As shown in the figure, △ ABC has rhombic ampn, if ammb = 12, then BPBC=______ ．

As shown in the figure, △ ABC has rhombic ampn, if ammb = 12, then BPBC=______ ．

Therefore, the answer is: 23

It is known that the intersection of diagonal lines AC and BD in quadrilateral ABCD at O m.n is OA.OC Midpoint proof BM = DN BM parallel dn

Isn't that right? If you draw a trapezoid or other irregular quadrilateral, it's definitely wrong. Let's prove the parallelogram? The diagonals of parallelogram are equally divided. You know, so om = on, OB = od and opposite vertex angle, so they are congruent, so BM = DN, angle MBO = angle ndo, so they are parallel

As shown in the figure, the points m and N are on the sides BC and CD of the square ABCD respectively. It is known that the perimeter of △ MCN is equal to half of the perimeter of the square ABCD, then ∠ man=______ ．

When △ adn is rotated 90 ° clockwise around point a, we can get △ Abe,  AE = an, be = DN,  Abe =  d = 90 degree,  NAE = 90 degree and  ABC = 90 degree,  points m, B and E are collinear,  me = be + BM = DN + BM,  MCN's perimeter is equal to half of square ABCD's perimeter,  Mn + NC + MC = DC + BC = DN + NC + MC + BM,  Mn = DN + BM,  Mn = me.

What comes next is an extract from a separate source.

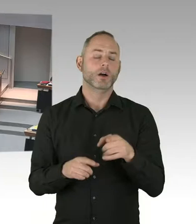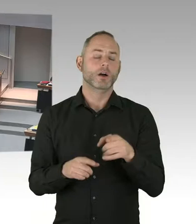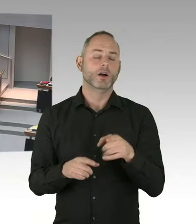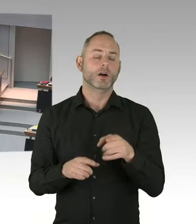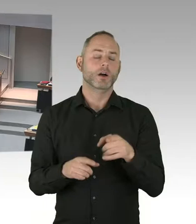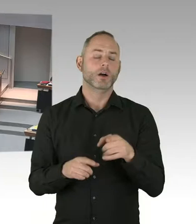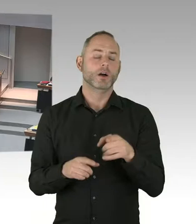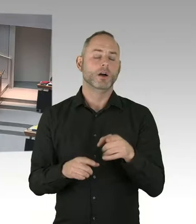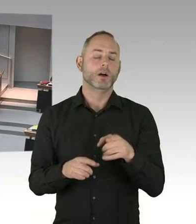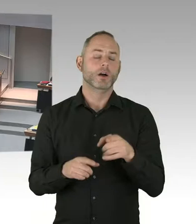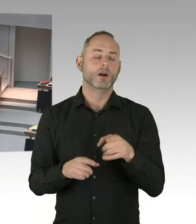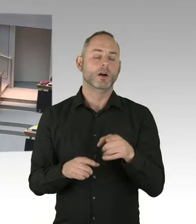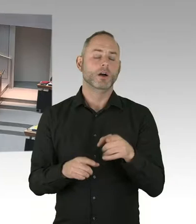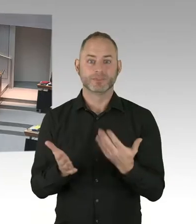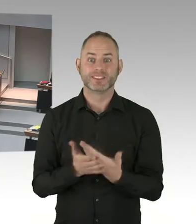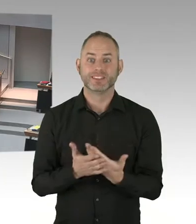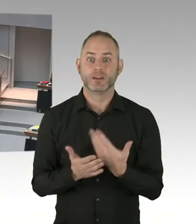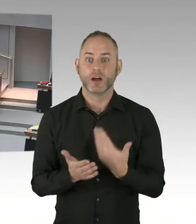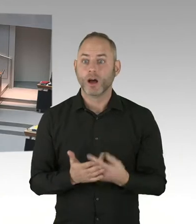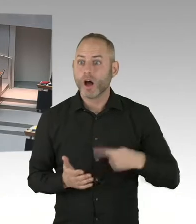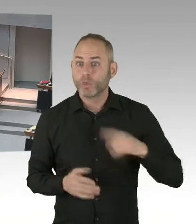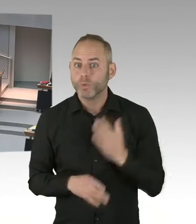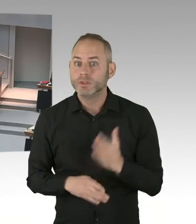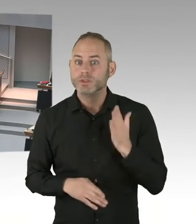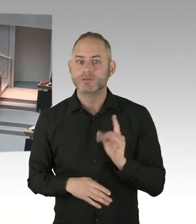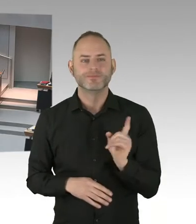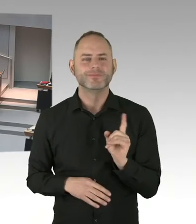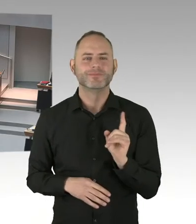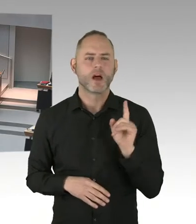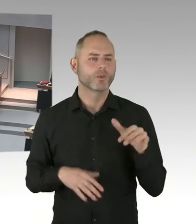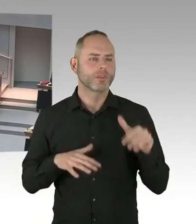(Sprecherwechsel) Vielen Dank. Ich frage den Senat aus welchem Grund,

In △ man and △ Mae, an = aemn = meam = am,  Mn = me Therefore, the answer is 45 degrees

As shown in the figure, points m and N are on the sides BC and CD of the square ABCD respectively. Given that the perimeter of the triangle MCN is equal to half of the perimeter of the square ABCD, the degree of the angle man is calculated
The detailed process of proving the angular equality of the second congruence

When △ adn is rotated 90 ° clockwise around point a, we can get △ Abe,  AE = an, be = DN,  Abe =  d = 90 degree,  NAE = 90 degree, and  ABC = 90 degree,  points m, B and E are collinear,  me = be + BM = DN + BM,  △ MCN is equal to half of the circumference of square ABCD,  Mn + NC + MC = DC + BC = DN + NC + MC + BM

The points Mn are on the sides BC and CD of the square ABCD respectively. Given that the perimeter of the triangle MCN is equal to half of the perimeter of the square ABCD, the degree of ∠ man is calculated?
Which theorem of square can be proved AN.AM Is the angular bisector of ∠ DAE and ∠ DAB,

From the question ~ we can get the relation ~ Mn = DM + BM, take a point E on Mn, so that DM = em, BN = en. Because it is a square, then we can get that am and an are the angular bisectors of angle DAE and DAB respectively ~ so the angle man = ∠ dam + ∠ ban, so the angle man is 45 degrees~

In the parallelogram ABCD, am ⊥ BC, an ⊥ CD, m and N are perpendicular feet. If AB = 13, BM = 5 and MC = 9, the length of Mn is______ ．

In ∵ am ⊥ BC, ab = 13, BM = 5, ∵ RT △ ABM, am = AB2 − BM2 = 12, SINB = amab = 1213, ∵ quadrilateral ABCD is parallelogram, ∵ d = ∵ B, ∵ an ⊥ CD, ad = BC = BM + MC = 14, ∵ in RT ⊥ adn, sind = anad = 1213, ∵ an = 16813, ∵ amn, am = 12, ∵ B + ∠ ba

M. What is the relationship between the area of △ adn and the area of △ ABM

Two triangles have the same area,
Method 1
Suppose that m and N are the midpoint of BC and CD, and meet the condition of Mn / / BD; let ad side length be a, BC side length be B; the height of vertical ad side is H1, and the height of vertical BC side is H2, then the area of parallelogram is s = a * H1 or S = b * H2; that is, there is a * H1 = b * H2; because m and N are the midpoint respectively, then there is NC = 0.5cd = 0.5bc = 0.5B; cm = 0.5ad = 0.5A; thus the area of quadrilateral ABCN is S1 = 0.75b * H2; the area of quadrilateral AMCD is S2 = 0.75a * H1; the area of quadrilateral ABCN is S1 = 0.75b * H2; the area of quadrilateral AMCD is S2 = 0.75a * H1; That is, S1 = S2; and because the area of triangle ABM S3 = s-s2;
The area of triangle adn is S4 = s-S1; so S3 = S4; that is to say, the area of triangle ABM and triangle adn are equal
Method 2
Suppose that m and N are infinitely close to B and D respectively; that is, Mn is infinitely close to BD, then the areas of triangle adn and triangle ABM are equal, close to 0; (or suppose that two points are infinitely close to C, then the areas of two triangles are close to half of parallelogram, that is, equal)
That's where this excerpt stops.